The apparent unanimous agreement with my position makes me suspicious that my argument somehow makes a strawman of Dreyfus’ position, but I can’t see it.
There’s is a huge difference between ‘being engaged with X’ and ‘being embodied in X’, which you seem to take to be the same thing (or, at least, you take the former to pave the way for the latter). I am engaged with Photoshop, but not embodied in it. I’m manipulating images on a screen. There is also a distinction to be made between ’embodiment’ and ‘virtual embodiment’. Internet/Software embodiment is the latter kind, which is pseudo-embodiment. The cursor stands for me in Photoshop: it gives me a location within the virtual space. This location is within a 2-D space, which is why it is virtual. It’s ‘as if’ embodiment. Too much equivocation on your part.

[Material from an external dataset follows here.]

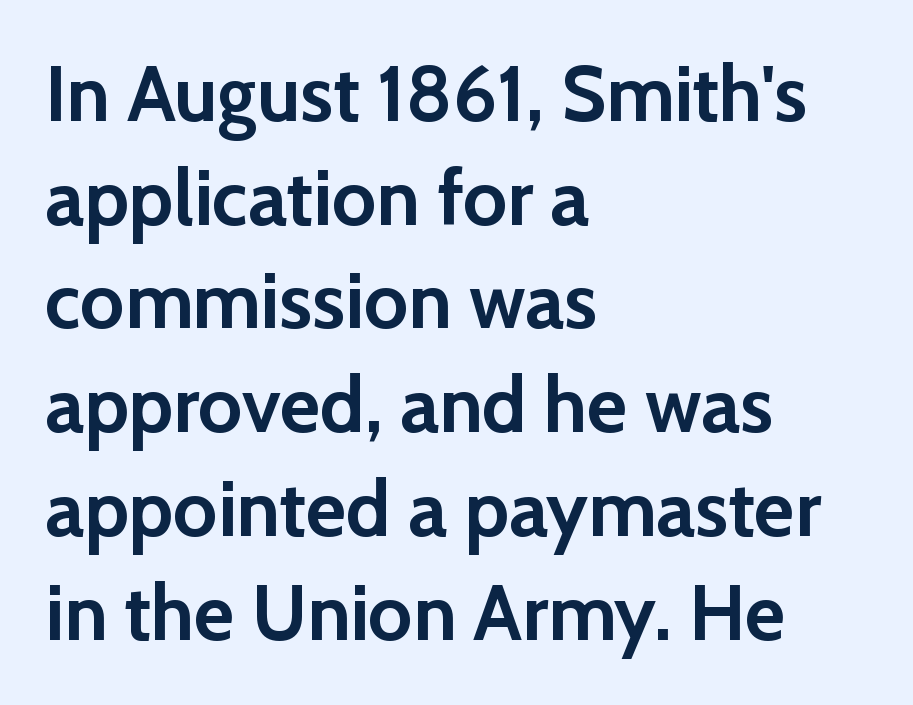
The image shows 78 px semibold sans-serif type, upright; set left-aligned, normal line spacing (1.33x), normal letter spacing, not underlined; low stroke contrast and a medium x-height.

If there is equivocation taking place, it is Dreyfus that is the guilty party.
Dreyfus argues that the ability to acquire skills, and ultimately to discover meaning and relevance, is an ability of the body. He criticizes the internet for disengaging the body, which he thinks undermines our ability to form meaningful friendships online, and to understand the significance and relevance of the information we get online. The cursor may stand for me, but it is not part of my body, so it is not the kind of foundation on which to build skill and understanding.
His argument is really, really bad, particularly because he points to groups like the Extropians as paradigm Internet champions, and then criticizes them for being ‘despisers of the body’, as Nietzsche would say. Dreyfus is fighting against a Platonic/Cartesian position where the body is the ‘tomb of the soul’, and he thinks the Internet is trying to realize this Platonic ideal by disengaging the body. Dreyfus thinks this will ultimately fail.
So if there is an equivocation between being embodied and being engaged, it is Dreyfus who is making the mistake. But for the sake of argument I am willing to grant his assumption that skills and meaning and relevance require bodily engagement. I suppose my argument is a modus tollens: we DO develop skills and form meaningful relationships online, so Dreyfus must be wrong that we are disembodied on the net. And I want to extend this to all forms of interactions with technology.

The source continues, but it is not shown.